For example; does the Hobbit start...
when Gandalf meets Frodo,
when the Dwarves arrive,
when the dwarves leave,
when Bilbo first becomes a "burglar" at the Trolls,
when Bilbo finds the ring or
when we learn how quiet and pleasant Bilbo's life is so the adventure can highlight how much he changes...

It starts "in a hole in the ground", of course. :D
 

Scribble

Archmage
Sometimes the first two chapters are written to get you started, not the story. Later, with good (and by good I mean merciless) editing, you lop off that dead limb of a beginning. Too often writers become too attached to the beginning, spend hours crafting that perfect opening line... and there it sits, a boring chunk of nothing that causes anyone to pick up the book and read a few lines to toss it down and keep looking. There may be good story in there, but they never get that far.
 

Scribble

Archmage
It starts "in a hole in the ground", of course. :D

Nice! :)

I have come to doubt whether there is much benefit in comparing any modern story to The Hobbit or LOTR. The mode in which they are told is the story teller. "Come round folks, let me spin you a tale..." The author's voice is never (rarely) seen today.

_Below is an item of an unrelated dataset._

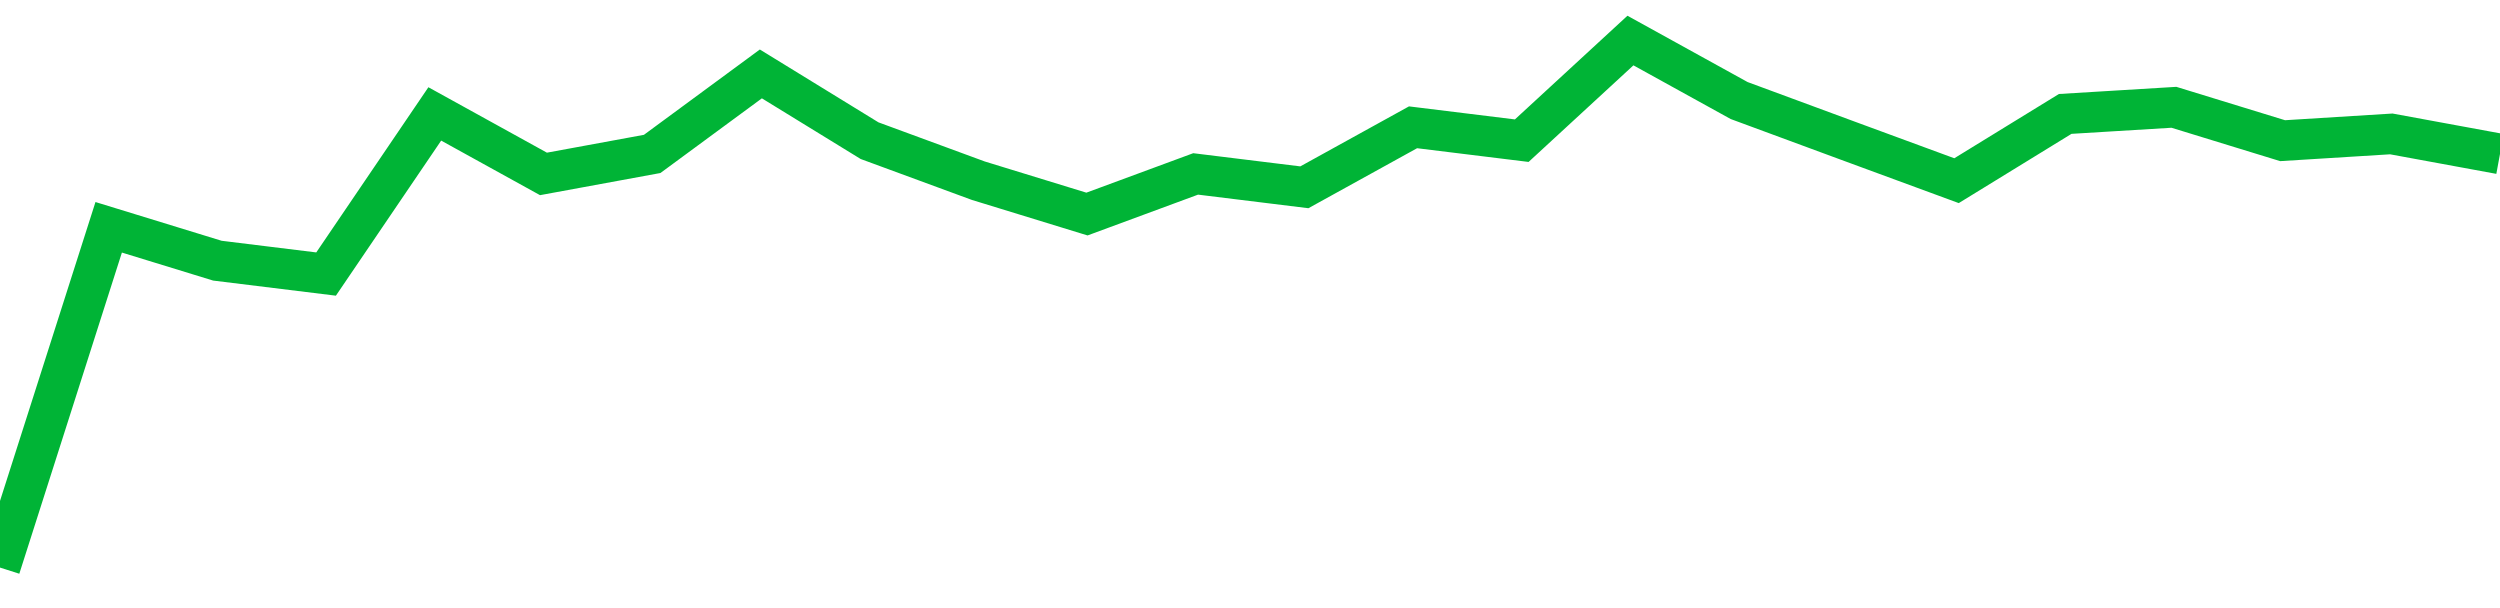 <!-- Generated with https://github.com/jxxe/sparkline/ --><svg viewBox="0 0 185 45" class="sparkline" xmlns="http://www.w3.org/2000/svg"><path class="sparkline--fill" d="M 0 42 L 0 42 L 8.043 16.82 L 16.087 19.29 L 24.13 20.28 L 32.174 8.43 L 40.217 12.87 L 48.261 11.39 L 56.304 5.47 L 64.348 10.41 L 72.391 13.37 L 80.435 15.84 L 88.478 12.87 L 96.522 13.86 L 104.565 9.42 L 112.609 10.41 L 120.652 3 L 128.696 7.44 L 136.739 10.41 L 144.783 13.37 L 152.826 8.43 L 160.87 7.94 L 168.913 10.41 L 176.957 9.91 L 185 11.39 V 45 L 0 45 Z" stroke="none" fill="none" ></path><path class="sparkline--line" d="M 0 42 L 0 42 L 8.043 16.82 L 16.087 19.29 L 24.13 20.28 L 32.174 8.43 L 40.217 12.87 L 48.261 11.39 L 56.304 5.47 L 64.348 10.41 L 72.391 13.37 L 80.435 15.84 L 88.478 12.87 L 96.522 13.86 L 104.565 9.42 L 112.609 10.41 L 120.652 3 L 128.696 7.44 L 136.739 10.41 L 144.783 13.37 L 152.826 8.43 L 160.87 7.94 L 168.913 10.41 L 176.957 9.91 L 185 11.39" fill="none" stroke-width="3" stroke="#00B436" ></path></svg>

"In a hole in the ground there lived a Hobbit", is how I would begin a story I tell my kids. if The Hobbit were "modernized" it would begin differently. The first few paragraphs would get hacked off.

It would begin here:

All that the unsuspecting Bilbo saw that morning was an old man with a staff. He had a tall pointed blue hat, a long grey cloak, a silver scarf over which a white beard hung down below his waist, and immense black boots. "Good morning!" said Bilbo, and he meant it. The sun was shining, and the grass was very green. But Gandalf looked at him from under long bushy eyebrows that stuck out further than the brim of his shady hat. "What do you mean?" be said. "Do you wish me a good morning, or mean that it is a good morning whether I want not; or that you feel good this morning; or that it is morning to be good on?"

It would not say "Gandalf", it would say "the old man". We'd find out later that he is a wizard, and what a Hobbit is.
 

Weaver

Sage
There's a fantasy novel that I'm very fond of which begins with someone asking one of the MCs, "Is your friend really what he says he is?"

Instant attention-grabber, at least for me: What does this guy tell people he is? And is it true? And why is this other person asking? Does the person she's asking know the answer? Will that person tell her, or let her wonder? There's no action involved in this scene, but the conversation is both an excellent hook and a good way to introduce the reader to the characters and overall situation at this point in the story.
 

Weaver

Sage
Well, if we're discussing beginnings of specific books...

"It was starting to end, after what seemed most of an eternity to me."

Thus starts the first book in an excellent (and pre-1977!) fantasy series. Again, it is not a flashy beginning, nor an action-filled one (although there's a minor fight scene soon enough, and maybe the latest edition of the novel doesn't have the mild cussing blanked out), and certainly not one in which the entire situation is detailed. (Kinda hard to do that, since it is written in first person and the protagonist doesn't know yet.) It happens at the point where something important changes for the viewpoint character.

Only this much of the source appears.